Une espèce confrontée à plusieurs menaces
Malgré cette amélioration, la grue couronnée grise reste confrontée à des menaces importantes. L’espèce est classée « En danger » sur la Liste rouge de l’Union internationale pour la conservation de la nature (UICN). Au Rwanda, les acteurs de la conservation signalent notamment la chasse de certains individus pour leur viande ou pour des usages médicinaux présumés. D’autres oiseaux sont capturés puis détenus illégalement dans des habitations ou des établissements hôteliers.
Le trafic d’espèces sauvages constitue également une source de préoccupation. Des grues peuvent être prélevées dans leur milieu naturel avant d’être destinées à des circuits commerciaux illégaux. Ces différentes pressions peuvent affecter les populations sauvages et compromettre les efforts entrepris pour assurer leur rétablissement à long terme.
Une campagne nationale contre la détention illégale
Face à ces menaces, la RWCA travaille depuis 2015 en collaboration avec le gouvernement rwandais dans le cadre d’une campagne nationale visant à mettre fin à la détention illégale des grues couronnées grises.
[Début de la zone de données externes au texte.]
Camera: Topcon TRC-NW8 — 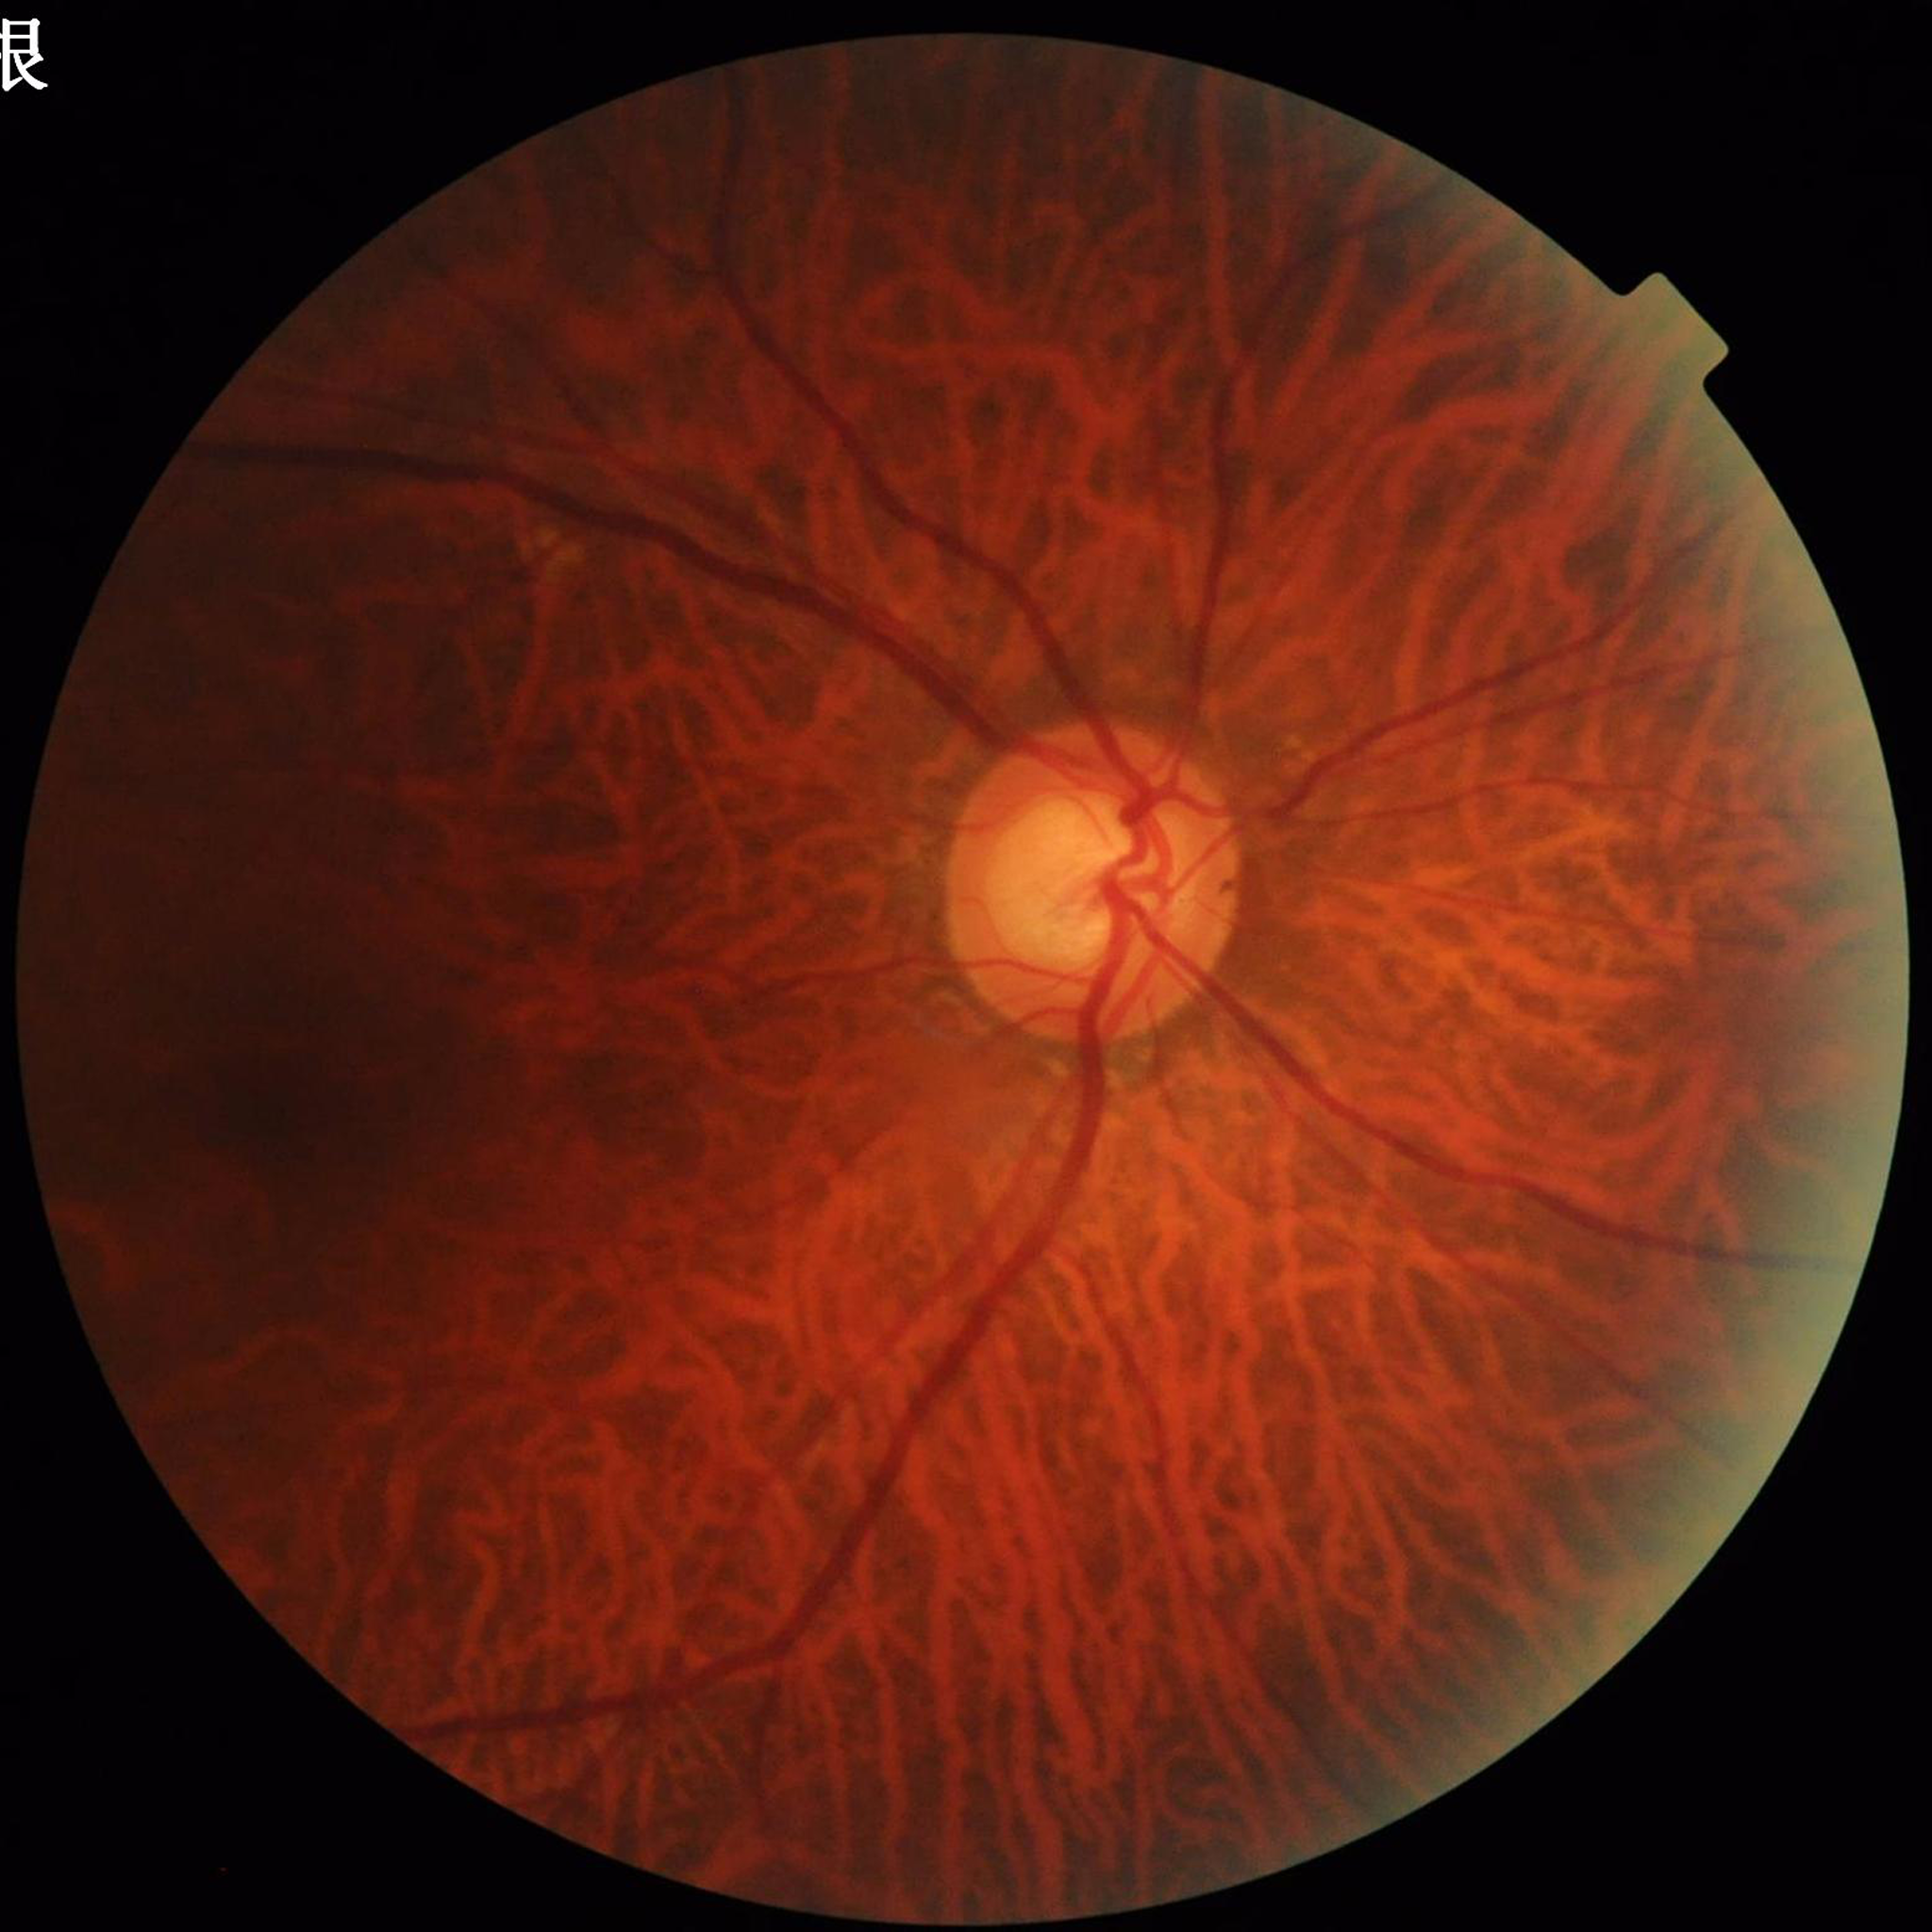 Disease: glaucoma.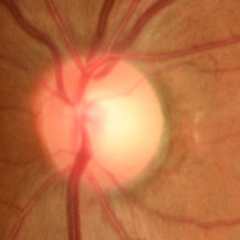

No glaucomatous findings.

L’approche adoptée consiste notamment à identifier les oiseaux détenus, à les récupérer lorsque cela est possible, puis à les réhabiliter avant leur retour dans leur environnement naturel.
Certaines grues secourues ont ainsi pu être réintroduites dans la nature après une période de réhabilitation destinée à leur permettre de retrouver les comportements nécessaires à leur survie. Cette stratégie a permis de retirer progressivement des individus de situations de captivité et de contribuer au renforcement des populations sauvages.
La protection des zones humides au cœur de la stratégie
Pour la RWCA, toutefois, sauver les oiseaux captifs ne suffit pas à garantir leur avenir. La protection de leurs habitats demeure essentielle. Les grues couronnées grises dépendent notamment des zones humides, qui leur fournissent des espaces favorables à l’alimentation, à la reproduction et au repos. La préservation de ces milieux constitue donc un élément central de toute stratégie visant à assurer la survie durable de l’espèce.
La croissance de la population observée au Rwanda montre ainsi l’importance d’une approche combinant plusieurs leviers : surveillance scientifique, lutte contre le braconnage et la détention illégale, réhabilitation des animaux récupérés, implication des communautés et conservation des habitats.
Un résultat encourageant, mais une vigilance toujours nécessaire
Le passage de 487 grues recensées en 2017 à 1 438 en 2026 constitue un signal positif pour la conservation de la biodiversité rwandaise. Il montre qu’une action coordonnée sur plusieurs années peut permettre à une population animale fortement menacée de se reconstituer progressivement. Pour autant, cette progression ne signifie pas que les menaces ont disparu. Le statut de conservation de l’espèce rappelle la nécessité de maintenir les efforts engagés et de renforcer la protection des zones humides.
Le Rwanda dispose désormais de données permettant de mieux mesurer l’évolution de ses populations de grues couronnées. Ces informations pourront également servir à orienter les prochaines actions de conservation et à identifier les secteurs nécessitant une protection accrue. Le défi pour les prochaines années sera donc de transformer cette dynamique de croissance en rétablissement durable, en veillant à ce que les grues puissent se reproduire et évoluer dans des habitats suffisamment protégés. Le retour de l’espèce dans les paysages rwandais apparaît ainsi comme le résultat d’un travail de longue haleine, mais aussi comme un rappel de l’importance de préserver les écosystèmes dont dépendent ces oiseaux emblématiques des zones humides africaines.